The aim of this paper is to present an automatic plagiarism detection system to identify plagiarized passages of documents. Our plagiarism detection system uses both syntactic and semantic similarities to identify plagiarized passages. Our proposed method is a novel contribution because of its usage of part-of-speech tag n-grams (POSNG) which are able to show syntactic similarities between source and suspicious sentences. Each source document is indexed according to part-of-speech (POS) tag n-grams by a search engine in order to access rapidly to sentences that are possible plagiarism candidates. Even though our plagiarism detection system obtains very good results just using POS tag n-grams, its performance is further improved with the usage of semantic similarities. The semantic relatedness between words is measured with the word embedding technique called Word2Vec and the longest common subsequence approach is used to measure the semantic similarity between source and suspicious sentences. There are several types of plagiarism such as verbatim, paraphrasing, sourcecode, and cross-lingual. The high obfuscation paraphrasing is a type of plagiarism and its detection is one of the most difficult plagiarism detection tasks. Our proposed method, which is based on POS tag n-grams, improves the detection performance of the high obfuscation paraphrasing type and is the main contribution of this paper.
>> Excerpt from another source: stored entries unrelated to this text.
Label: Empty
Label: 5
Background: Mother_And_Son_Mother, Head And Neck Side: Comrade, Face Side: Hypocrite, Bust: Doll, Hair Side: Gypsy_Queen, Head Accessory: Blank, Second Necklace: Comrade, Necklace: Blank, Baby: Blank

For this study, we use the large dataset called PAN-PC-11 which is created for the evaluation of automatic plagiarism detection algorithms. Our experiments are conducted with the four types of paraphrasing in PAN-PC11 which are none, low, high and simulated obfuscation paraphrasing types. We defined various threshold and parameter settings in order to assess the diversity of our results. We compared the performance of our method with the plagiarism detectors in the 3rd International Competition on Plagiarism Detection (PAN11). According to the experimental results, the proposed method achieved the best performance in terms of plagdet measure in the types of high and low obfuscation paraphrasing and produced competitive results in the other paraphrasing types.